Hüzün, hepimizin zaman zaman deneyimlediği evrensel bir duygudur. Sevdiğimiz birinin kaybı, bir ilişkinin sona ermesi veya hayal kırıklığı gibi birçok şeyden kaynaklanabilir. Neyse ki, bu zor duyguları ifade etmemize yardımcı olacak birçok kelime ve deyim var, özellikle de İngilizce konuşuyorsanız.

İngilizce’de Hüzün İfade Eden 10 Kelime

İşte üzüntüyü ifade etmek için kullanabileceğiniz 10 kelime


Sad

En yaygın ve çok yönlü kelimelerden biridir. Hafif bir üzüntüden derin bir keder duygusuna kadar çeşitli duyguları ifade etmek için kullanılabilir.

Örnek

I felt sad when my dog died.
(Köpeğim öldüğünde çok üzüldüm.)


Sorrow

Daha derin ve kalıcı bir üzüntü duygusunu ifade etmek için kullanılır. Genellikle bir kayıp veya hayal kırıklığı ile ilişkilidir.

Örnek

She was filled with sorrow after losing her mother.
(Annesini kaybettikten sonra keder içindeydi.)


Grief

Genellikle bir sevdiğinizin ölümüyle ilişkilendirilen yoğun bir üzüntü ve keder duygusudur.

Örnek

He was overcome with grief after his father’s passing.
(Babasının ölümünden sonra keder içinde boğulmuştu.)


Melancholy

Bir hüzün ve umutsuzluk duygusu ifade eder. Genellikle tefekkür ve yalnızlıkla ilişkilendirilir.

Örnek

The melancholic tune filled the room.
(Melankolik melodi odayı doldurdu.)


Heartache

Kalp ağrısı veya üzüntü duygusudur. Genellikle bir kalp kırıklığı veya hayal kırıklığı ile ilişkilidir.

Örnek

The heartache never truly goes away.
(Kalp ağrısı asla tam olarak geçmez.)


Misery

Yoğun mutsuzluk ve ıstırap duygusudur. Genellikle fakirlik, hastalık veya diğer zorluklarla ilişkilendirilir.

Örnek

The war caused widespread misery.
(Savaş yaygın sefalet yarattı.)


Desolation

Yıkım ve terk edilmişlik duygusudur. Genellikle doğal afetler veya savaşlarla ilişkilendirilir.

Örnek

The earthquake left a scene of desolation.
(Deprem, yıkım izleri bıraktı.)


Despair

Umutsuzluk ve umutsuzluk duygusudur.
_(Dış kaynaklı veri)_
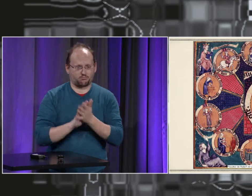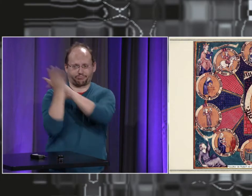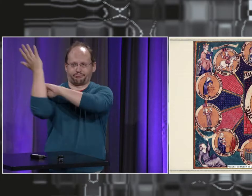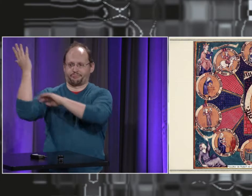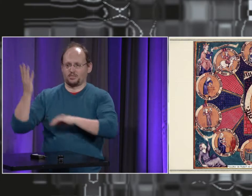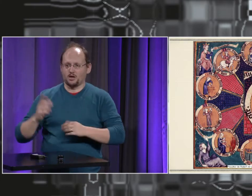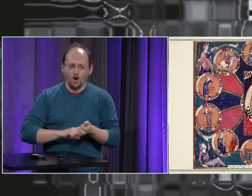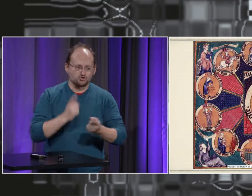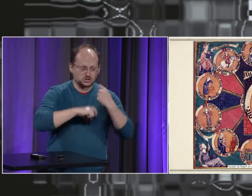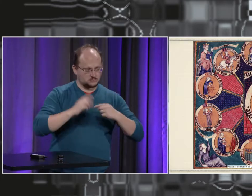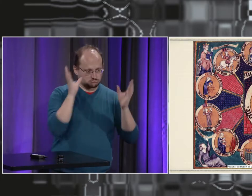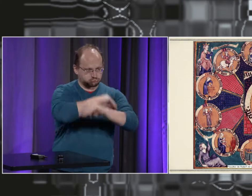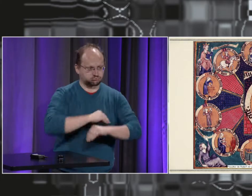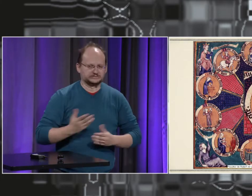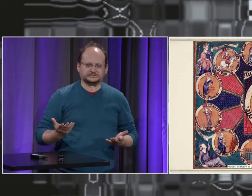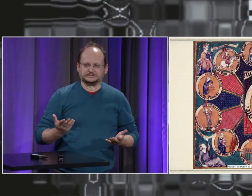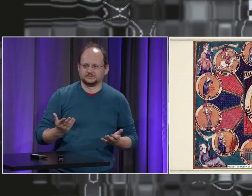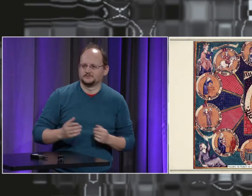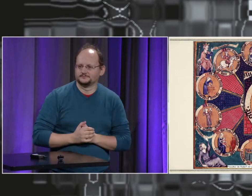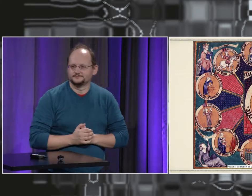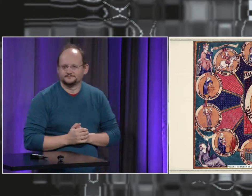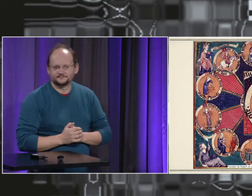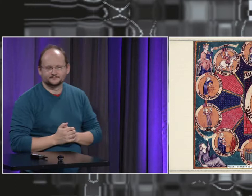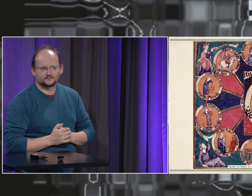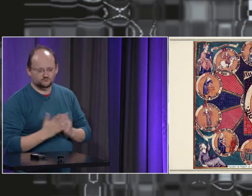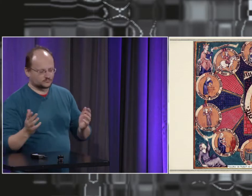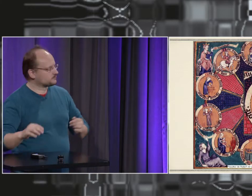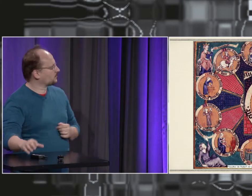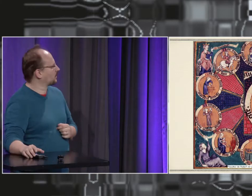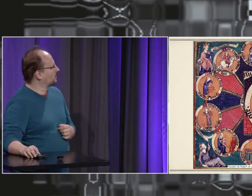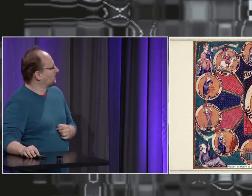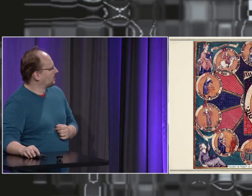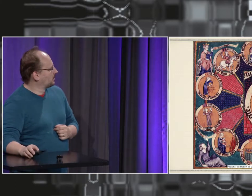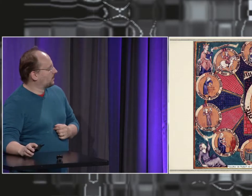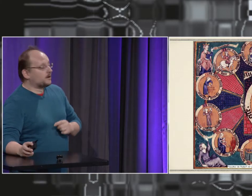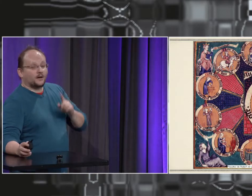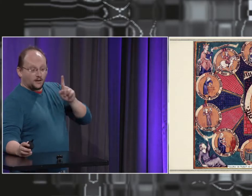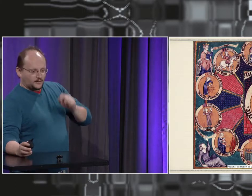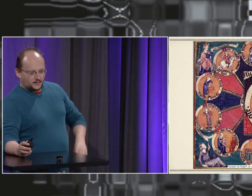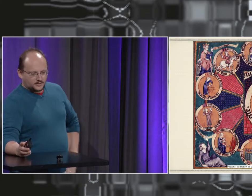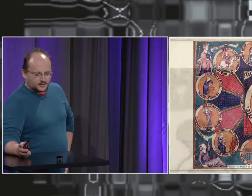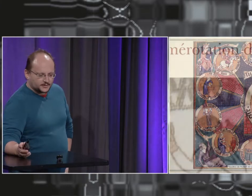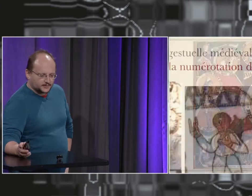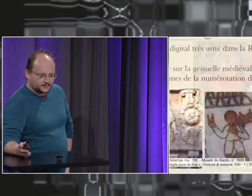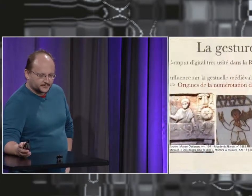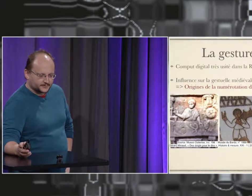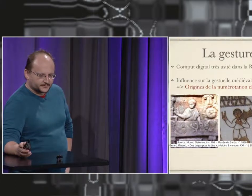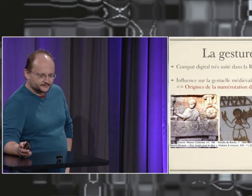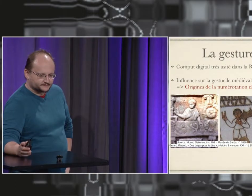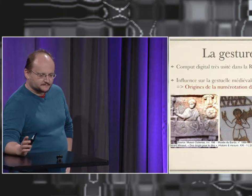des signes qui ont été transformés aussi par la suite et dont les traces moyenne-âgeuses ont
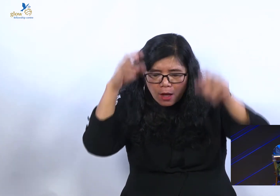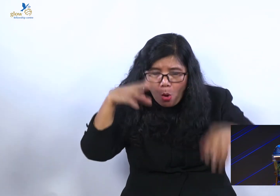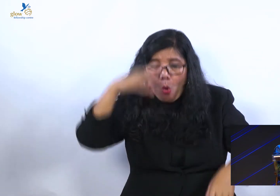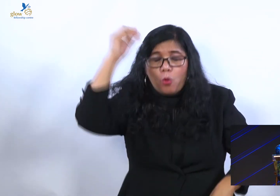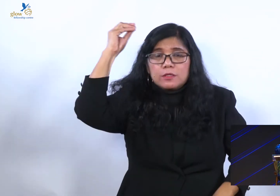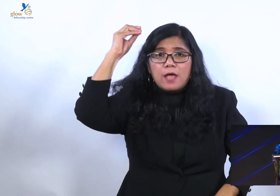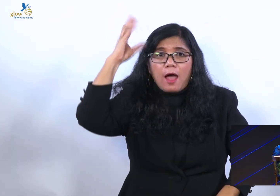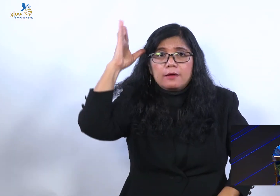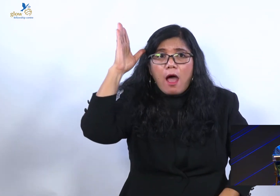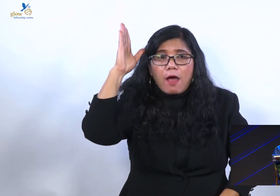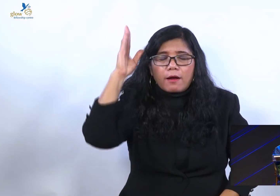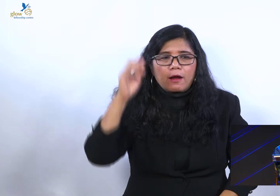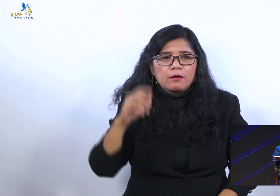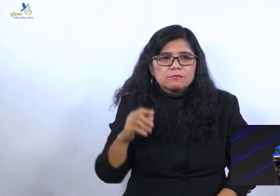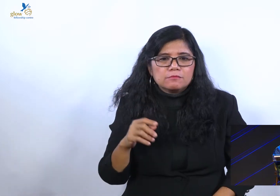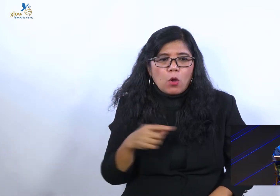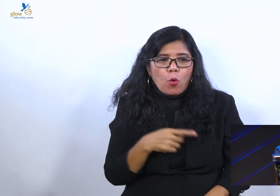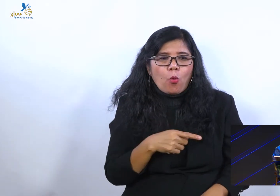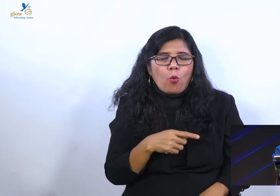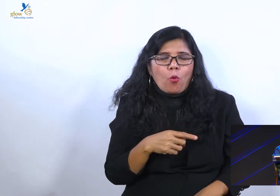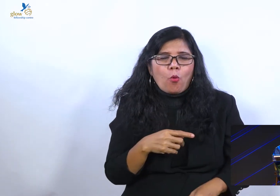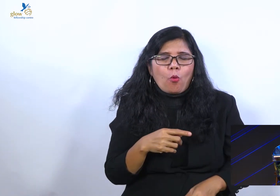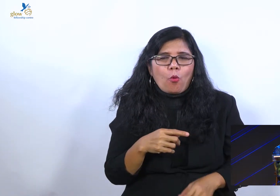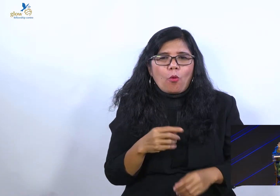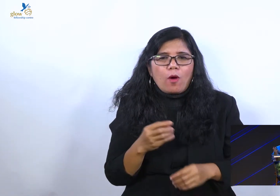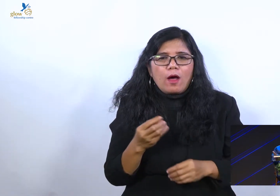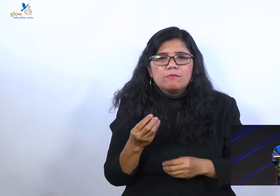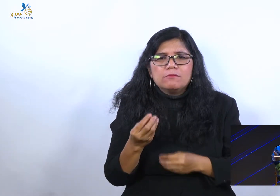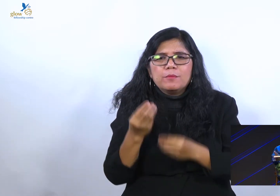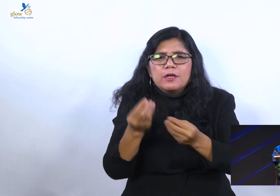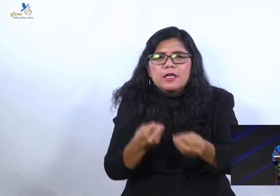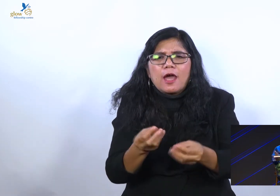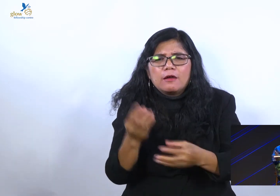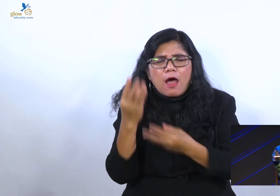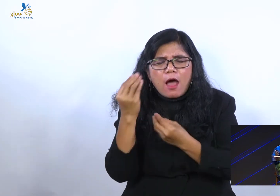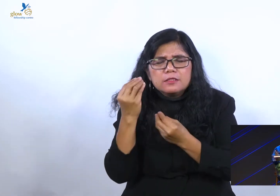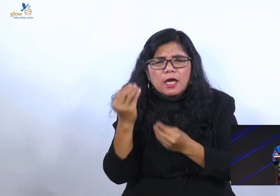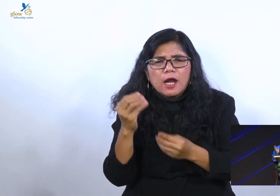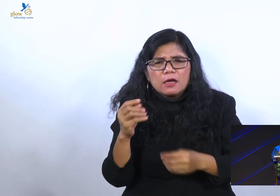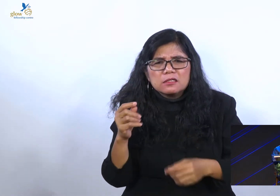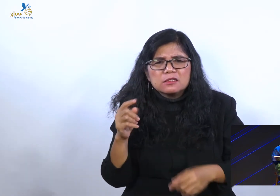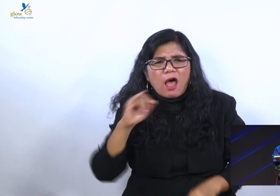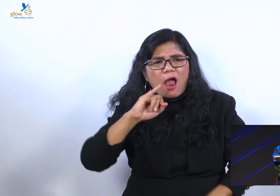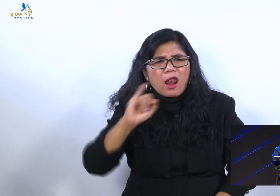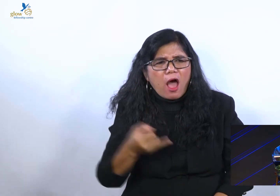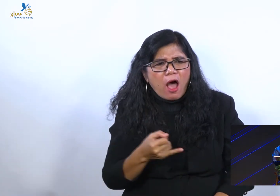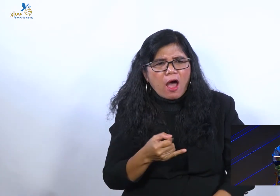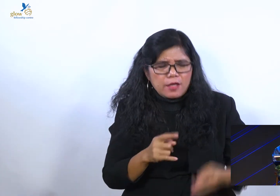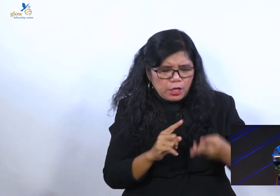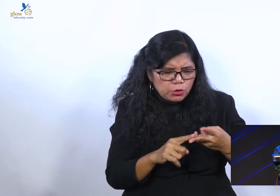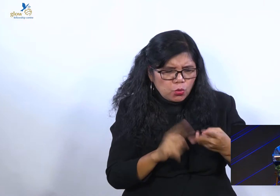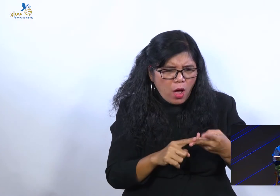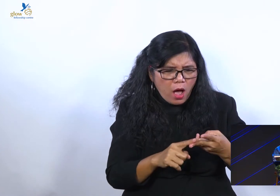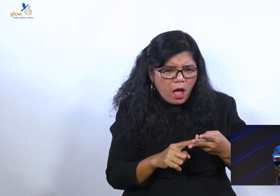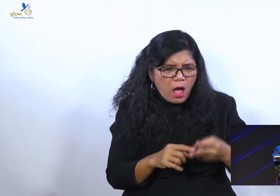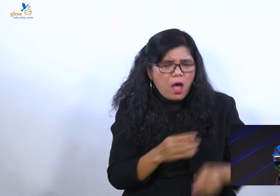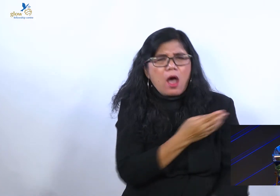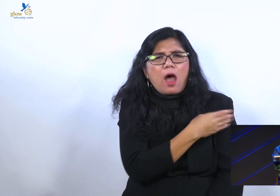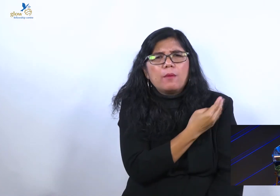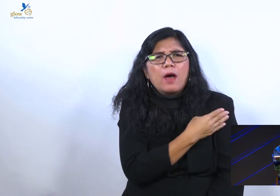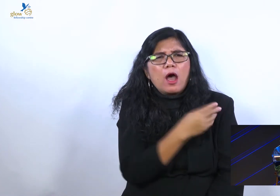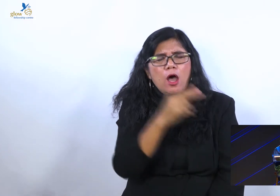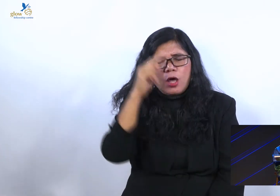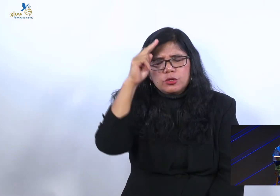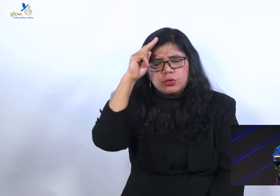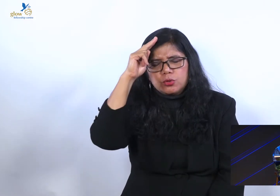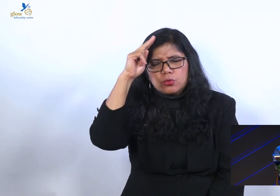Dia mengabarkan ajaran yang kekeliru. Tapi yang kedua adalah hamba Tuhan yang sebetulnya tulus. Tapi

Genellikle bir çıkış yolu olmadığına dair bir inançla ilişkilendirilir.

Örnek

He was filled with despair after losing his job.
(İşini kaybettikten sonra umutsuzluğa kapıldı.)


Anguish

Şiddetli zihinsel veya duygusal acıdır. Genellikle işkence veya travma ile ilişkilendirilir.

Örnek

The victims of the torture suffered immense anguish.
(İşkence mağdurları büyük bir ıstırap yaşadılar.)


Longing

Bir şeye veya birine duyulan yoğun bir özlemdir. Genellikle kayıp veya ayrılık ile ilişkilendirilir.

Örnek

She felt a longing for her childhood home.
(Çocukluk evine büyük bir özlem duydu.)


Bu kelimelerin ve deyimlerin her birinin kendine özgü bir nüansı ve kullanımı olduğunu unutmayın. Duygularınızı en iyi şekilde ifade etmek için doğru kelimeyi seçmek önemlidir.

Hüzün duyuyorsanız, duygularınızı ifade etmekten çekinmeyin.